▶ _WHAT IS NEEDED_
For every line in the data below that contains "Kosten", copy the line.

---

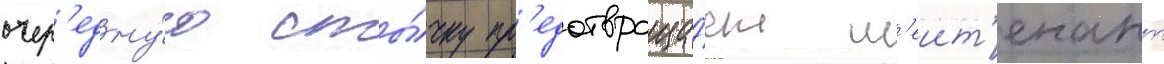
очер'едну́ю сты́чку пр'едотвраща́ет л'еит'енант
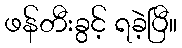
ဖန်တီးခွင့် ရခဲ့ပြီ။
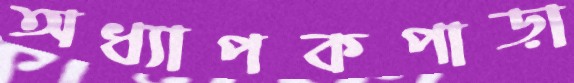
অধ্যাপকপাড়া
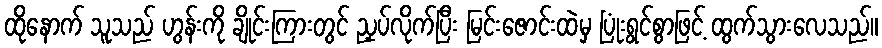
ထိုနောက် သူသည် ဟွန်းကို ချိုင်းကြားတွင် ညှပ်လိုက်ပြီး မြင်းဇောင်းထဲမှ ပြုံးရွင်စွာဖြင့် ထွက်သွားလေသည်။
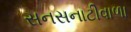
સનસનાટીવાળા
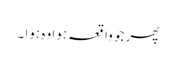
پھر جو واقعہ ہوا وہ ہوا ۔
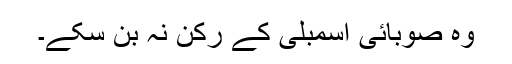
وہ صوبائی اسمبلی کے رکن نہ بن سکے۔
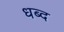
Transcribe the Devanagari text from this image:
धब्द
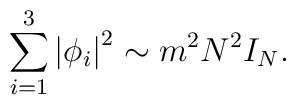
\sum_{i=1}^3 \left| \phi_i \right|^2 \sim m^2 N^2 I_{N}.
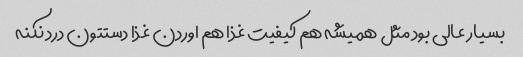
بسیار عالی بود مثل همیشه هم کیفیت غذا هم اوردن غذا دستتون درد نکنه
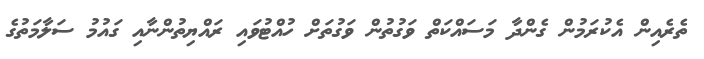
ތެރެއިން އެކުރަމުން ގެންދާ މަސައްކަތް ވަގުތުން ވަގުތަށް ހުއްޓުވައި ރައްޔިތުންނާއި ގައުމު ސަލާމަތުގެ
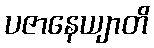
ပဇာနေယျာတိ
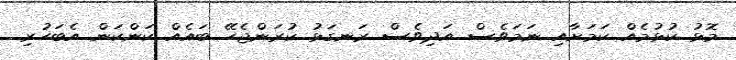
މޮޅު ކުޅުމެއް ކަމަށާއި ނަމަވެސް އަދިވެސް ރަނގަޅު ކުރަންޖެހޭ ބައެއް ކަންކަން އެބަހުރި
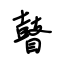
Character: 瞽
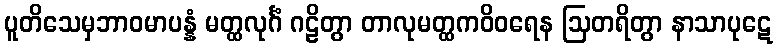
ပူတိသေမှဘာဝမာပန္နံ မတ္ထလုင်္ဂံ ဂဠိတွာ တာလုမတ္ထကဝိဝရေန ဩတရိတွာ နာသာပုဋေ
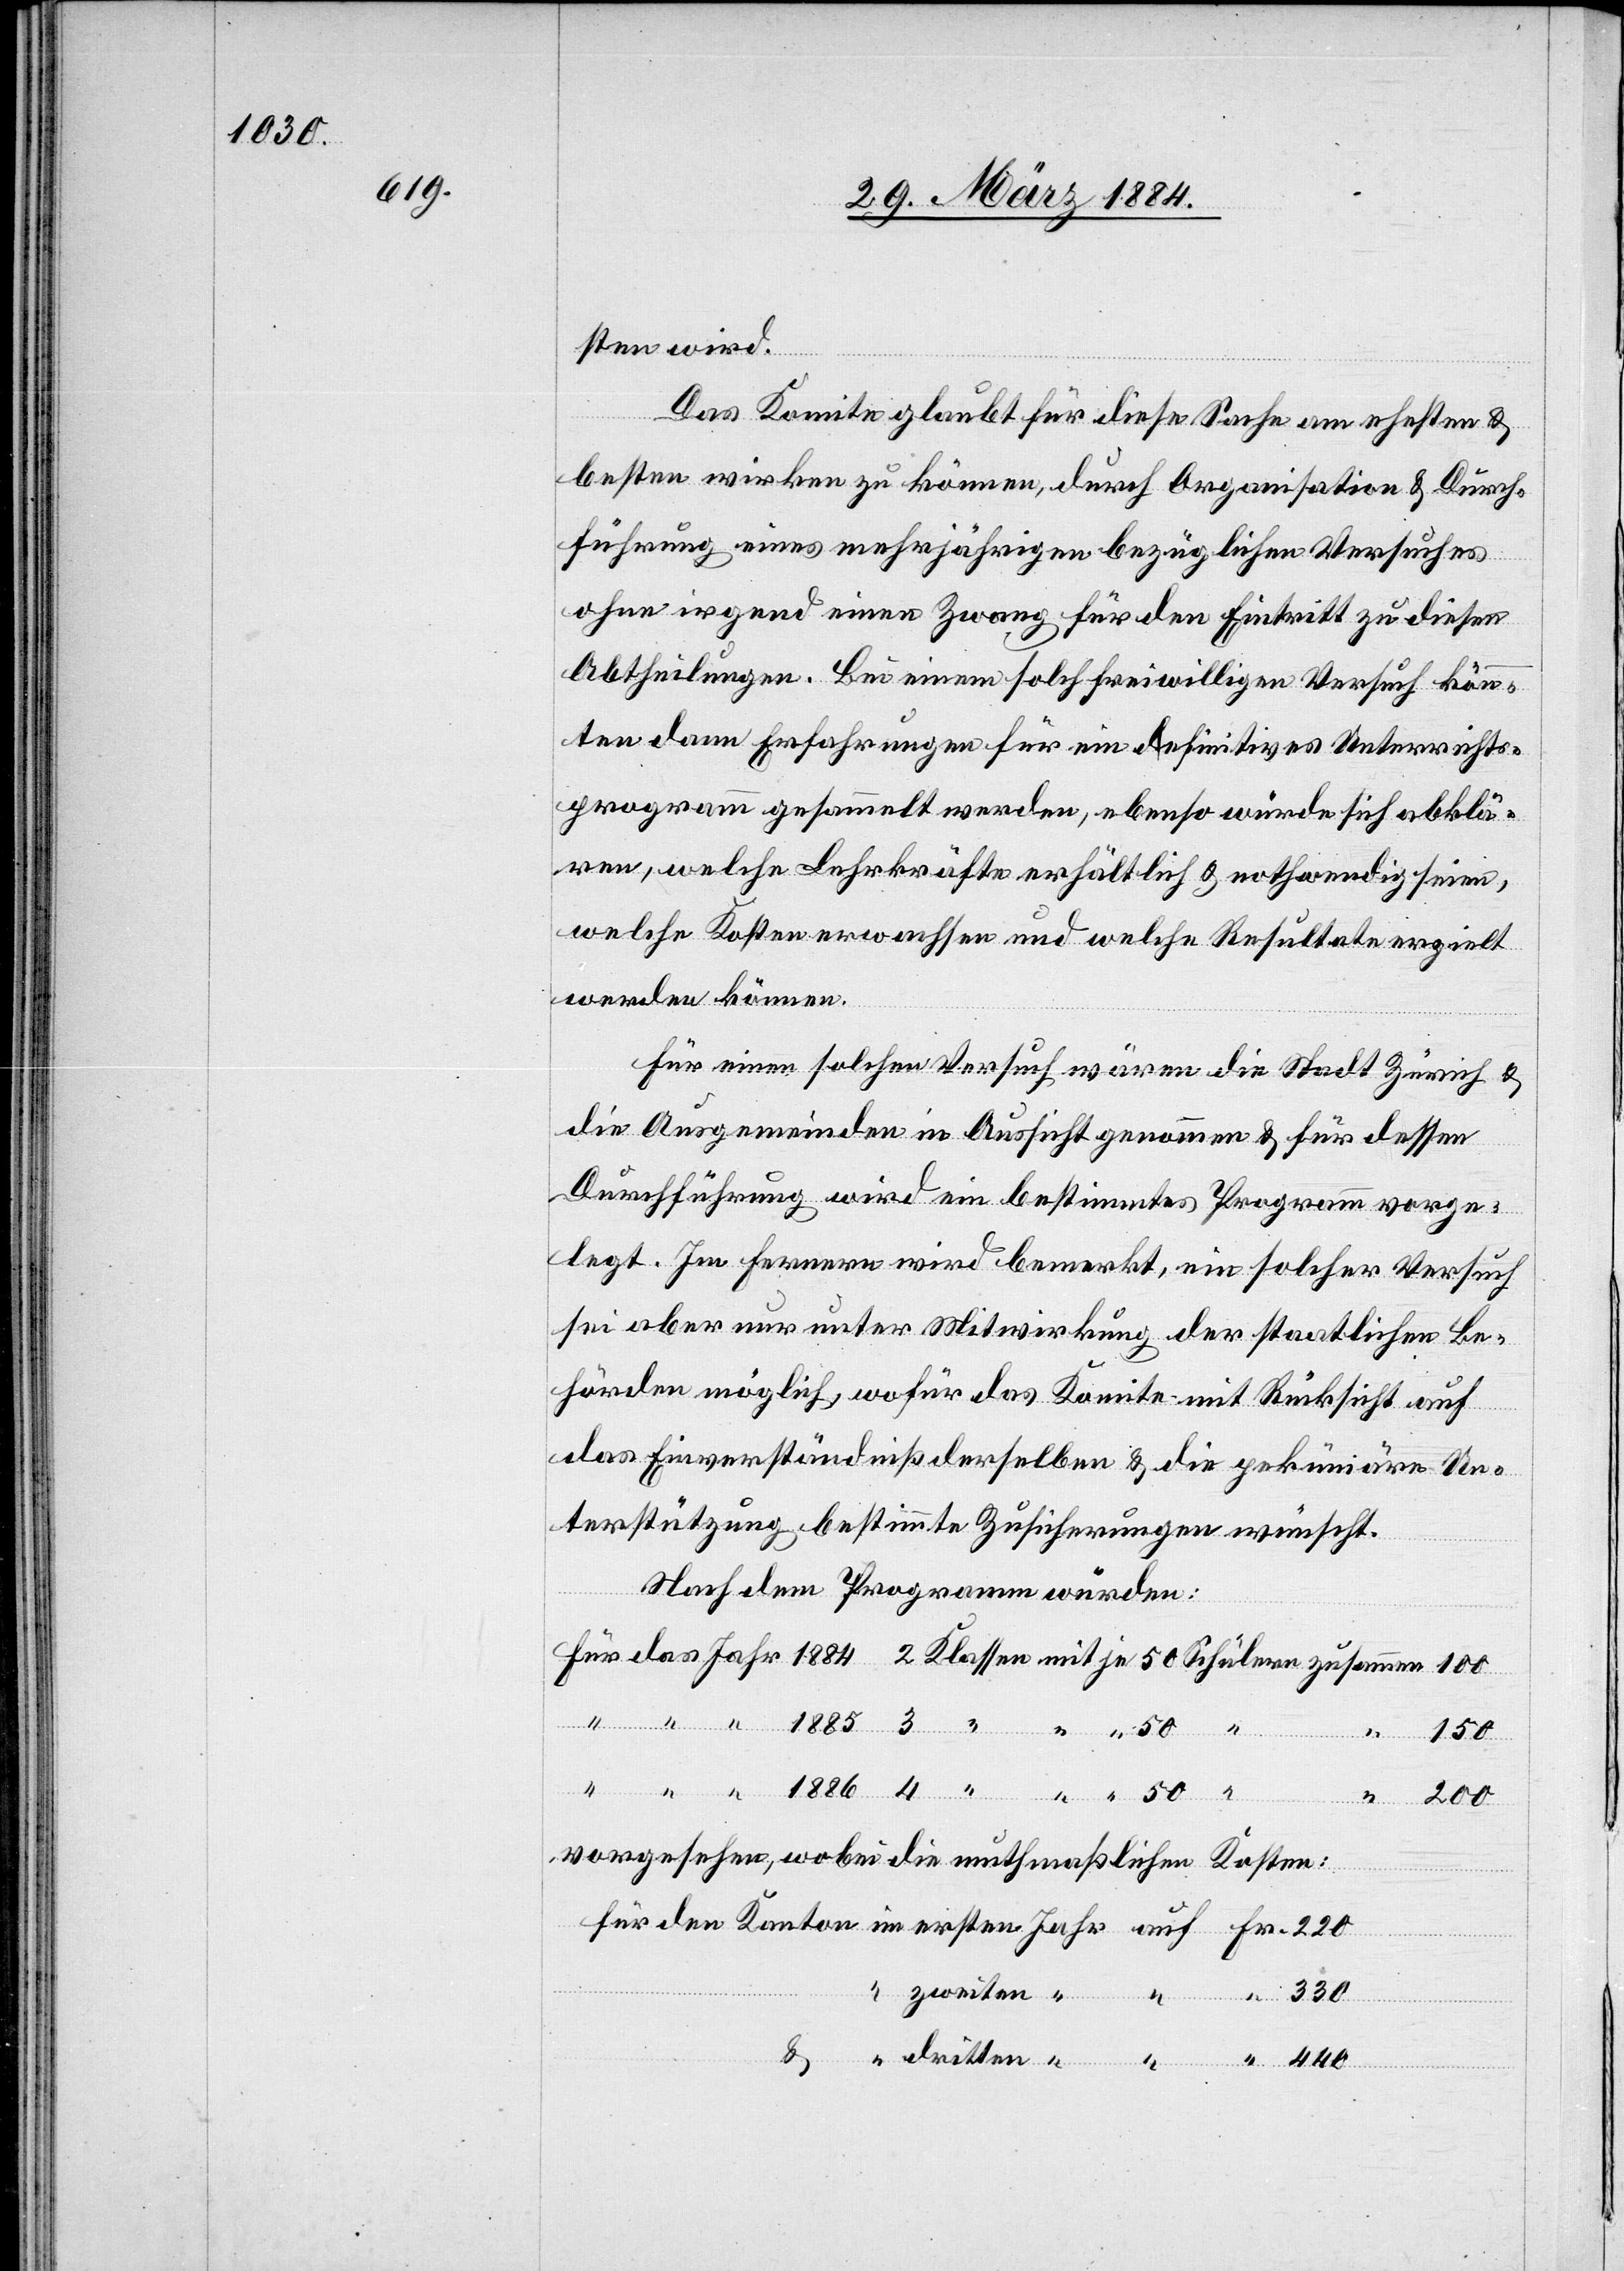
sten wird.
“
Das Komite glaubt für diese Sache am ehesten &
besten wirken zu können, durch Organisation & Durch¬
führung eines mehrjährigen bezüglichen Versuches
ohne irgend einen Zwang für den Eintritt zu diesen
Abtheilungen. Bei einem solch freiwilligen Versuch könn¬
ten dann Erfahrungen für ein definitives Unterrichts¬
programm gesammelt werden, ebenso würde sich abklä¬
ren, welche Lehrkräfte erhältlich & nothwendig seien,
welche Kosten erwachsen und welche Resultate erzielt
werden können.
Für einen solchen Versuch wären die Stadt Zürich &
die Ausgemeinden in Aussicht genommen & für dessen
Durchführung wird ein bestimmtes Programm vorge¬
legt. Im Fernern wird bemerkt, ein solcher Versuch
sei aber nur unter Mitwirkung der staatlichen Be¬
hörden möglich, wofür das Komite mit Rücksicht auf
das Einverständniß derselben & die pekuniäre Un¬
terstützung bestimmte Zusicherungen wünscht.
Nach dem Programm würden:
vorgesehen, wobei die muthmaßlichen Kosten:
4
zweiten
330
dritten
“

---

▶ _REPLY TO THE TASK_
welche Kosten erwachsen und welche Resultate erzielt
vorgesehen, wobei die muthmaßlichen Kosten:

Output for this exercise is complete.